= YOUR INSTRUCTIONS =
Only the lines below starting at the one that contains "གཅིག་ལ་བཟླས་པ་" and ending at the one that contains "འོད་དང་བདུད་རྩ" are to be reproduced, exactly and with both ends kept.

= EXERCISE INPUTS =

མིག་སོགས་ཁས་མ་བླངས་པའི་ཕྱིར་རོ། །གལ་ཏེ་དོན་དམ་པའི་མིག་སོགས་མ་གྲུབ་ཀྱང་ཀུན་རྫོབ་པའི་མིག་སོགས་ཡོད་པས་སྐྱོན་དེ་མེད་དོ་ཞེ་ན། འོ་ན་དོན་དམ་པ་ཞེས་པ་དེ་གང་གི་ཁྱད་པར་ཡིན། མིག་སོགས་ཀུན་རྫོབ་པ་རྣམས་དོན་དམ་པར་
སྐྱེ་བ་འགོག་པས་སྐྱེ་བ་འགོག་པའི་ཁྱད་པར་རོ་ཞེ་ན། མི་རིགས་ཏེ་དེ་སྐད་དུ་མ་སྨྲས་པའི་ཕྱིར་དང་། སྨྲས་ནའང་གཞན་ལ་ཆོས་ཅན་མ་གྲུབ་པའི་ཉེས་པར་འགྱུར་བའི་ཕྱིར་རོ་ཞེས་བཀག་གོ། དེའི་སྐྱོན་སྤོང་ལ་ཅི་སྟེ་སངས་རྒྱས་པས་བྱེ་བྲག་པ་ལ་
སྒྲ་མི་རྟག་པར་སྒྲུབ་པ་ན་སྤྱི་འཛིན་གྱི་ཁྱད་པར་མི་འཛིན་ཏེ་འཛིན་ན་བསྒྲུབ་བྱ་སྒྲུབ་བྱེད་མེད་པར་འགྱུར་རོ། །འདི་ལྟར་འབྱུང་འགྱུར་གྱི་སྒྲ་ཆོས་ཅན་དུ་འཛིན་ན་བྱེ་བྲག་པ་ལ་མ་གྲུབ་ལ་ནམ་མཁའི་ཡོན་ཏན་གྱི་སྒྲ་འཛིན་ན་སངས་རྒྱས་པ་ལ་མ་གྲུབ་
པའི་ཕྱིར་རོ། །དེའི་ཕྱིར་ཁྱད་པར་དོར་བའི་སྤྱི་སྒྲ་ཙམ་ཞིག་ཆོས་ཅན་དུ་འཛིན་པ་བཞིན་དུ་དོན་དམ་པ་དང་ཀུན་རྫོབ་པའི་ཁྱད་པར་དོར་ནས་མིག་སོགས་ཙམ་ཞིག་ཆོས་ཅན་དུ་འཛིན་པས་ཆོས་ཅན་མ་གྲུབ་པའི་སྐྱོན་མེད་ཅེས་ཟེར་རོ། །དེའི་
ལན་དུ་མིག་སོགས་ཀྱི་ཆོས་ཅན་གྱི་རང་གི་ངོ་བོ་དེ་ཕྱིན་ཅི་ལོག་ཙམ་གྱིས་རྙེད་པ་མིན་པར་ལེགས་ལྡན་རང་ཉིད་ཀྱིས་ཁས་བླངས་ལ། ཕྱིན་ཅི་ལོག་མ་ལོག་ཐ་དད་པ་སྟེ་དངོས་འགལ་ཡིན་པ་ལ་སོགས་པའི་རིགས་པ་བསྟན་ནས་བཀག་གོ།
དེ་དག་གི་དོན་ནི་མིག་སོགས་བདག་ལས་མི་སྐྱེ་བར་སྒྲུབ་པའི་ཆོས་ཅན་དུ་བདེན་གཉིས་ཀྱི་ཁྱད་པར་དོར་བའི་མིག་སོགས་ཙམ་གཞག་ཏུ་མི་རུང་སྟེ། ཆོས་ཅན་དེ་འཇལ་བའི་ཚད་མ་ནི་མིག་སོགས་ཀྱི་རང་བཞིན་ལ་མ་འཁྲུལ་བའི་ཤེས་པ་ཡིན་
---
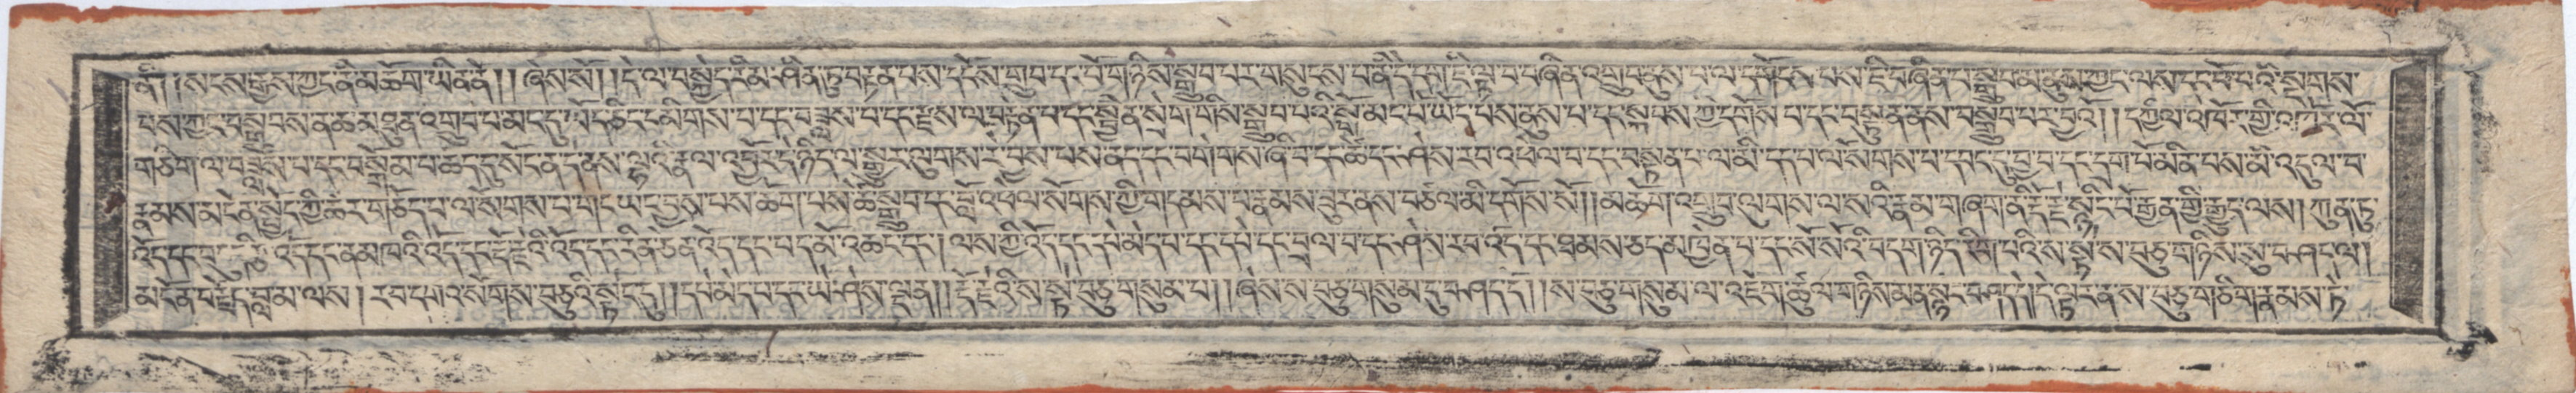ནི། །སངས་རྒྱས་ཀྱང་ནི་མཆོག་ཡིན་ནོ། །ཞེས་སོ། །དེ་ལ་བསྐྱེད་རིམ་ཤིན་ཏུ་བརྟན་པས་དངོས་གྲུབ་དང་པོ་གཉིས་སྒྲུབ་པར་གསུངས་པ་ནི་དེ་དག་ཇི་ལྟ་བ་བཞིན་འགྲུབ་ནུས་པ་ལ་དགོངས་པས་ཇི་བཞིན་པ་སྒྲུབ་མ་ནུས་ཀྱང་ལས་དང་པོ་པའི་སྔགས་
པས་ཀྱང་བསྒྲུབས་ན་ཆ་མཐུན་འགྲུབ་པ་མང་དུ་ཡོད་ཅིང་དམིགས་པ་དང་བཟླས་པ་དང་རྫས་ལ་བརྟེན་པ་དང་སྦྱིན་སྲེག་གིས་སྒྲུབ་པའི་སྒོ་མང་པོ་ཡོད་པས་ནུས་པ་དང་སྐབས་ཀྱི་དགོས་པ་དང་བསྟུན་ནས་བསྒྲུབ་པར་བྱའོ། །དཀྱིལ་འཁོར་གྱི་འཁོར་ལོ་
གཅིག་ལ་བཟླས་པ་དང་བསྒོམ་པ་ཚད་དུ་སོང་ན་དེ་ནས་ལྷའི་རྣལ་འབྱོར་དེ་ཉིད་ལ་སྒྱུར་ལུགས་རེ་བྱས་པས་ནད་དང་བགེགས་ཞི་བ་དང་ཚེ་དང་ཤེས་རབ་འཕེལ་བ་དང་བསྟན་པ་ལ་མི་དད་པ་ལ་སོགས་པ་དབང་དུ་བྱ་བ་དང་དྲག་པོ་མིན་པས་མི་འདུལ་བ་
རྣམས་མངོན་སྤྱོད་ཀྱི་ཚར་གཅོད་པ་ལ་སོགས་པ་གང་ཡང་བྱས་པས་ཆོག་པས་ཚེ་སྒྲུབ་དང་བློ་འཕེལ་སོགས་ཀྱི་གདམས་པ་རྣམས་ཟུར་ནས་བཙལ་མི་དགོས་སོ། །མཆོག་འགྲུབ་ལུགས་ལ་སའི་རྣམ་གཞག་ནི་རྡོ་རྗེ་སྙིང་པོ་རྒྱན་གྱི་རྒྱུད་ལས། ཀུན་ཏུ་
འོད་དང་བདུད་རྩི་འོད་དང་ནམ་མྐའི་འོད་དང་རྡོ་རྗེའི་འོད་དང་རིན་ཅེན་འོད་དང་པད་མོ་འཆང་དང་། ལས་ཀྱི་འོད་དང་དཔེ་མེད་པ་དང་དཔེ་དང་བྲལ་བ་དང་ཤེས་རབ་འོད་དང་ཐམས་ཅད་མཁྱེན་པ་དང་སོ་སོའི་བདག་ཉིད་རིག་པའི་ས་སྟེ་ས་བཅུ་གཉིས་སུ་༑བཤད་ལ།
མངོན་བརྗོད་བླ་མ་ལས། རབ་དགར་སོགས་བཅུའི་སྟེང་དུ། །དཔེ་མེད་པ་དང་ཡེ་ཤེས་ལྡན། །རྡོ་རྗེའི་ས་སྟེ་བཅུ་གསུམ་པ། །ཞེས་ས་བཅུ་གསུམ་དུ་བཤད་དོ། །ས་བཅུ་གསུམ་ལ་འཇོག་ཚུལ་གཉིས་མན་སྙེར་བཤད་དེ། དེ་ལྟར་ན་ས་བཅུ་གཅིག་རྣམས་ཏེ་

= TASK RESPONSE =
གཅིག་ལ་བཟླས་པ་དང་བསྒོམ་པ་ཚད་དུ་སོང་ན་དེ་ནས་ལྷའི་རྣལ་འབྱོར་དེ་ཉིད་ལ་སྒྱུར་ལུགས་རེ་བྱས་པས་ནད་དང་བགེགས་ཞི་བ་དང་ཚེ་དང་ཤེས་རབ་འཕེལ་བ་དང་བསྟན་པ་ལ་མི་དད་པ་ལ་སོགས་པ་དབང་དུ་བྱ་བ་དང་དྲག་པོ་མིན་པས་མི་འདུལ་བ་
རྣམས་མངོན་སྤྱོད་ཀྱི་ཚར་གཅོད་པ་ལ་སོགས་པ་གང་ཡང་བྱས་པས་ཆོག་པས་ཚེ་སྒྲུབ་དང་བློ་འཕེལ་སོགས་ཀྱི་གདམས་པ་རྣམས་ཟུར་ནས་བཙལ་མི་དགོས་སོ། །མཆོག་འགྲུབ་ལུགས་ལ་སའི་རྣམ་གཞག་ནི་རྡོ་རྗེ་སྙིང་པོ་རྒྱན་གྱི་རྒྱུད་ལས། ཀུན་ཏུ་
འོད་དང་བདུད་རྩི་འོད་དང་ནམ་མྐའི་འོད་དང་རྡོ་རྗེའི་འོད་དང་རིན་ཅེན་འོད་དང་པད་མོ་འཆང་དང་། ལས་ཀྱི་འོད་དང་དཔེ་མེད་པ་དང་དཔེ་དང་བྲལ་བ་དང་ཤེས་རབ་འོད་དང་ཐམས་ཅད་མཁྱེན་པ་དང་སོ་སོའི་བདག་ཉིད་རིག་པའི་ས་སྟེ་ས་བཅུ་གཉིས་སུ་༑བཤད་ལ།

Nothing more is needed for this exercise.